Everything indicates that next Sunday, February 4, Nayib Bukele will become the first Salvadoran president to be re-elected since the arrival of democracy in the Central American country in 1992. This is an unusual event, not only because of Bukele’s massive support, which enjoys around 80% voting intention according to different surveys. But because numerous experts denounce that his candidacy violates several articles of the Salvadoran Constitution, where immediate re-election is prohibited.

Nayib Bukele’s victory in the 2019 presidential elections ended the bipartisanship of ARENA and the FMLN, the former guerrilla of the Farabundo Martí National Liberation Front. Since the democratic transition in the 90s, these two parties had taken turns in the government of El Salvador. But the real turning point came in 2021 when Nuevas Ideas (NI), Bukele’s party, swept the legislative elections, obtaining a qualified majority that would allow him to approve laws he wanted without having to negotiate with other political groups.

Once Parliament was dominated by Bukele’s Executive, the majority of NI voted for the dismissal of the five members of the Supreme Court and the Attorney General, who would be replaced by judges favorable to the new president.
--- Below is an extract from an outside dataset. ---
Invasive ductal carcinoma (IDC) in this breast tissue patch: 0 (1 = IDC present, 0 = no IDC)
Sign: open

Internal opponents and international organizations denounced the legal irregularities of this movement. But nothing prevented the new Court from issuing a controversial ruling that now allows the president to circumvent the constitutional prohibition on re-election.

Álvaro Artiga González, professor of Political Science at the “José Simeón Cañas” Central American University (UCA) of El Salvador, explained to this newspaper that Bukele’s almost certain re-election will generate discomfort in the international community because “they are going to have to accept and recognize to a president elected unconstitutionally, but who enjoys legitimacy that comes from popular support,” declared Artiga.
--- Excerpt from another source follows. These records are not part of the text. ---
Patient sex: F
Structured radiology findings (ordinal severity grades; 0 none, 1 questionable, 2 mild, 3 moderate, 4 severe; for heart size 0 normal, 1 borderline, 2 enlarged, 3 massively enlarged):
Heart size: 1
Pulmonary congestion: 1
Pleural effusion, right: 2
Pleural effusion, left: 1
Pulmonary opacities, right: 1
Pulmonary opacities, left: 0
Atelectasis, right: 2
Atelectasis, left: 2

With 90% approval, Bukele is the most popular president in Latin America, according to a Latinobarómetro survey published in August 2023. The average for the region is 40%. The key to his popularity: a drastic reduction in insecurity in El Salvador. Homicides went from 106 per 100,000 people in 2015 to only eight in 2022.

“People are willing to lose civil and political rights, which the majority do not even exercise because they do not get involved in politics, do not organize, or express themselves politically,” explains Professor Artiga. “They have gained a security that they did not have before, they prefer to be able to walk calmly down the street than that more ethereal thing that is democracy,” adds the expert on Salvadoran politics.

The protection of security achievements is precisely the number one argument in Bukele’s call to vote. In every advertising break in the state media, we hear the president repeat the importance of voting in the presidential and legislative elections, which are held simultaneously on February 4. “With just one less representative we would lose the majority and put the war against the gangs at risk, because the emergency regime could not be approved,” Bukele announces to viewers.

A regime that since March 27, 2022 has suspended constitutional guarantees such as the right to defense of detained persons, the inviolability of telecommunications or the maximum provisional detention period of 72 hours. This has facilitated the arrest of more than 73,000 alleged gang members.

These measures have led to “widespread violations of human rights, including mass arbitrary detentions, forced disappearances, mistreatment in prison, and violations of due process,” according to the NGO Human Rights Watch in its 2024 annual report.

Faced with Bukele’s media bombardment, the presence of the opposition in the electoral campaign has been minimal since they have not received the financing that the State must provide according to the Constitution. In addition, the Congress controlled by the ruling party approved a series of legal reforms, such as the reduction of seats in Congress and the change in the formula for assigning them.

According to various surveys, these changes would lead to Nuevas Ideas (NI) retaining almost all of the deputies, leaving the opposition with one or two. We would be facing the “most unequal elections since the end of the military dictatorship in 1984,” according to Observa El Salvador 2024, a group of organizations and universities formed to monitor the elections.